Davalılar, davanın reddini dilemişlerdir.
Mahkemece, bilirkişi raporu esas alınmak ve davalının herhangi bir usulsüzlük yapmadığı gerekçe gösterilerek davanın reddine karar verilmiş; hüküm, davacı tarafından temyiz edilmiştir.
2009/13599-2010/5424
1-Davacı, davalı şirketten aralarında düzenledikleri protokol kapsamında defibrilatör cihazı ve aksesuarlarını temin ettiklerini, protokol uyarınca gümrükçe tasdikli ithalat faturaları ve gümrük giriş beyannamelerinde kurum aleyhine fiyat farkı olduğunun tespiti halinde bu farkın ödeneceğinin taahhüt edildiğini, yapılan incelemede fiyat farkı oluştuğunun tespit edildiğini, davalı şirketin taahhüdüne rağmen fiyat farkını ödemediğini ileri sürerek oluşan fiyat farkının tahsili istemiyle eldeki davayı açmıştır. Mahkemece, alınan bilirkişi raporu doğrultusunda herhangi bir usulsüzlük tespit edilemediği gerekçesiyle davanın reddine karar verilmiştir. Davalı şirketin ortak ve yöneticisi olan diğer davalılar … ve … hakkında kamuoyunda “Neşter Davası” olarak bilinen … 11. Ağır Ceza Mahkemesinin 2004/220 E. (2008/93E.) sayılı dosyası ile açılan ceza davasının halen derdest olduğu dosya kapsamından anlaşılmakta olup defibrilatör cihazı ve aksesuarlarının satışının bu davaya konu olup olmadığı dosya kapsamından anlaşılamamaktadır.
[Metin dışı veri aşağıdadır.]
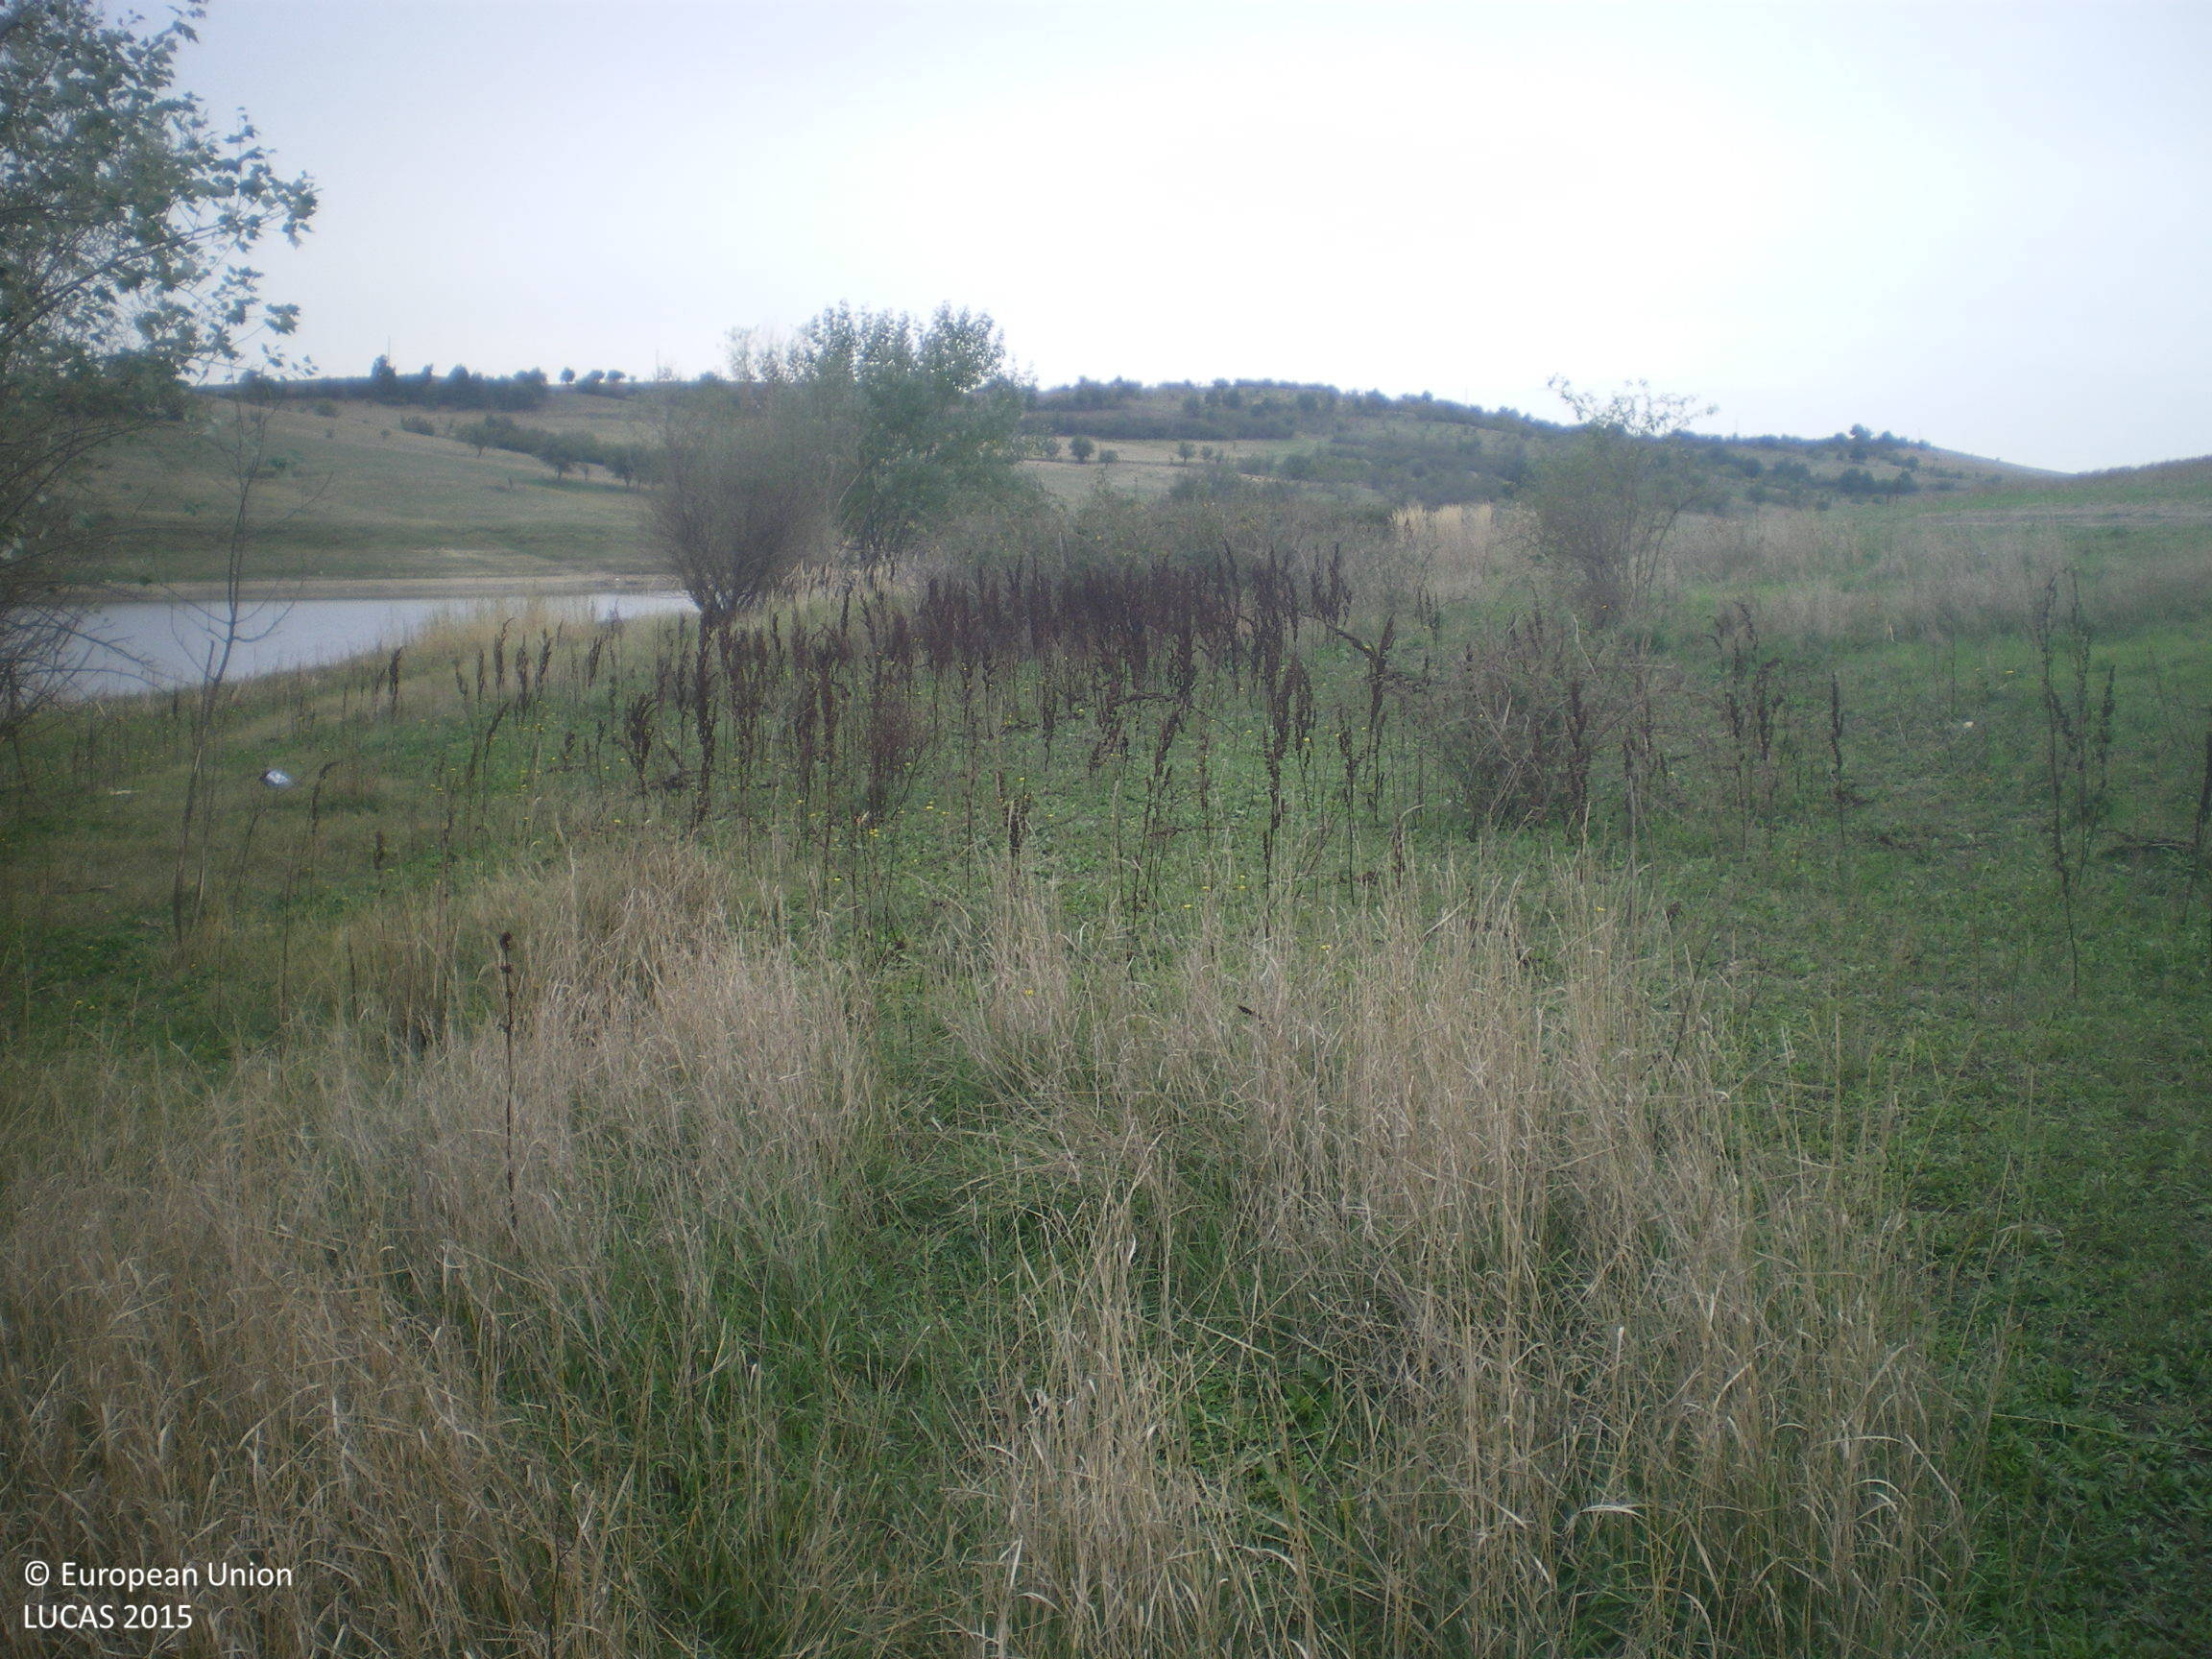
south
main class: Grassland
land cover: Grassland with sparse tree/shrub cover
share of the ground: > 75 %
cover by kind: herbaceous plants 90 %, broadleaved forest trees 5 %, shrubs 5 %
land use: Semi-natural and natural areas not in use
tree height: > 5 m
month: October
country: BG
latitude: 41.9371
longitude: 26.0309
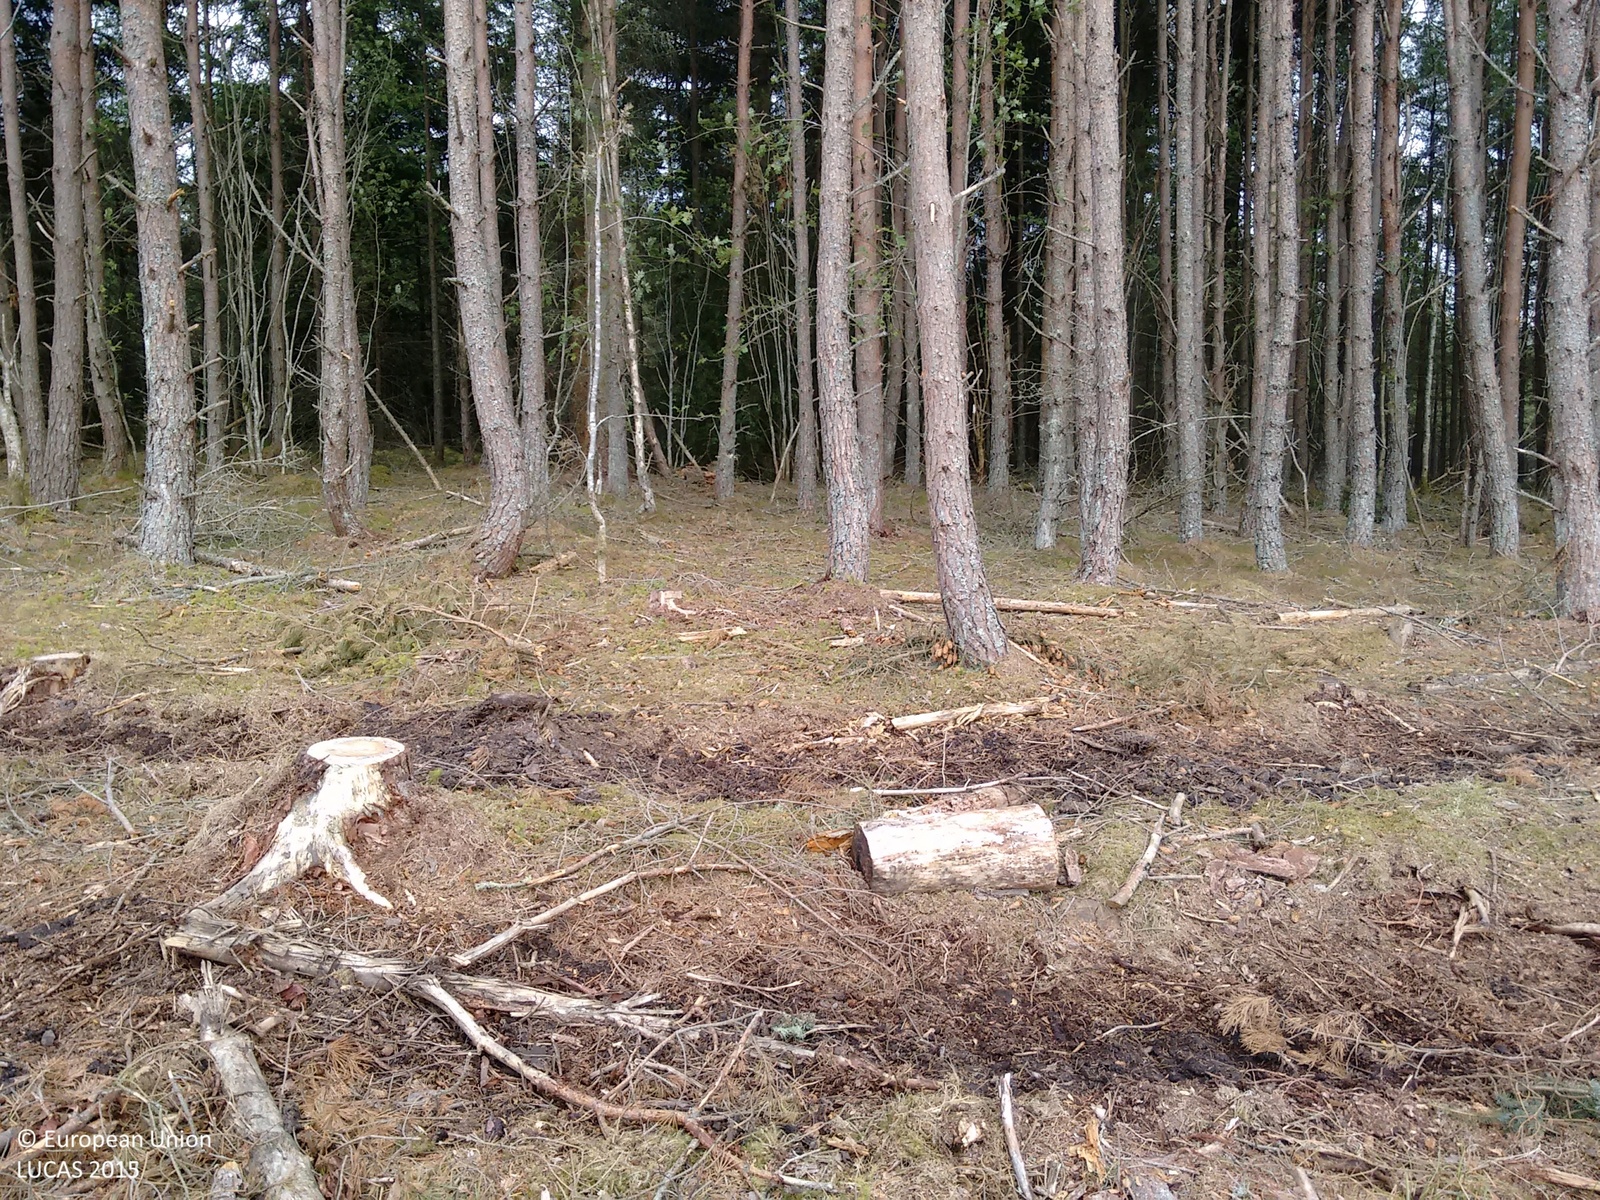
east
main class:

Öyle olunca mahkemece,işbu davaya konu defibrilatör cihazı ve aksesuarlarının ceza davasına konu edilip edilmediği araştırılarak konu edilmiş ise, B.K.nun 53. maddesi gereğince ceza mahkemesince tesbit edilen maddi vakıalar hukuk mahkemesini bağlayacağından, bu dava yönünden ceza mahkemesinde açılan kamu davasının sonucunun beklenmesi zorunludur. Mahkemece değinilen bu yön gözetilmeden eksik inceleme ile yazılı şekilde davanın reddine karar verilmesi usul ve yasaya aykırı olup, bozmayı gerektirir.
2-Bozma nedenine göre davacının diğer temyiz itirazlarının incelenmesine gerek görülmemiştir.
SONUÇ: Yukarıda (1) numaralı bentte açıklanan nedenlerle temyiz olunan hükmün temyiz eden davacı yararına BOZULMASINA, (2) numaralı bent gereğince davacının diğer temyiz itirazlarının incelenmesine yer olmadığına, 21.4.2010 gününde oybirliğiyle karar verildi.